▶ [Data for processing]:
◆ ◆ ◆ ◆

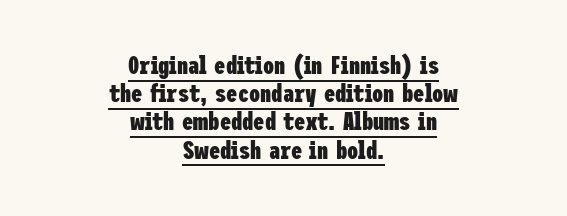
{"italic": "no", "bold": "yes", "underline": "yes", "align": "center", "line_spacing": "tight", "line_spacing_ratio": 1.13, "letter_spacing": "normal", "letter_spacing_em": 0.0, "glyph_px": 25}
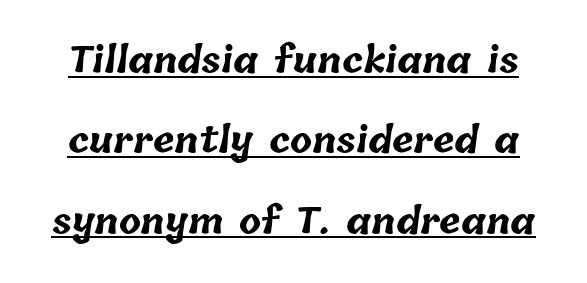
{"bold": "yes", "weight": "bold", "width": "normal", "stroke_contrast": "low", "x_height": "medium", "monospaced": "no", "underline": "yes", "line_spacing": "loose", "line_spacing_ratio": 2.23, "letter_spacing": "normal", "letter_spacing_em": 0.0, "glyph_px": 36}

◆ ◆ ◆ ◆

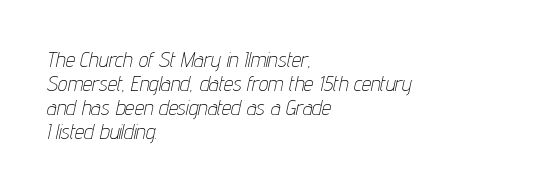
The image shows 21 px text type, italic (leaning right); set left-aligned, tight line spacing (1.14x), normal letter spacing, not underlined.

◆ ◆ ◆ ◆

▶ [Task instructions]:
Pull every line containing the string "italic" out of the data above and copy it.

▶ [Result of the task]:
{"italic": "no", "bold": "yes", "underline": "yes", "align": "center", "line_spacing": "tight", "line_spacing_ratio": 1.13, "letter_spacing": "normal", "letter_spacing_em": 0.0, "glyph_px": 25}
The image shows 21 px text type, italic (leaning right); set left-aligned, tight line spacing (1.14x), normal letter spacing, not underlined.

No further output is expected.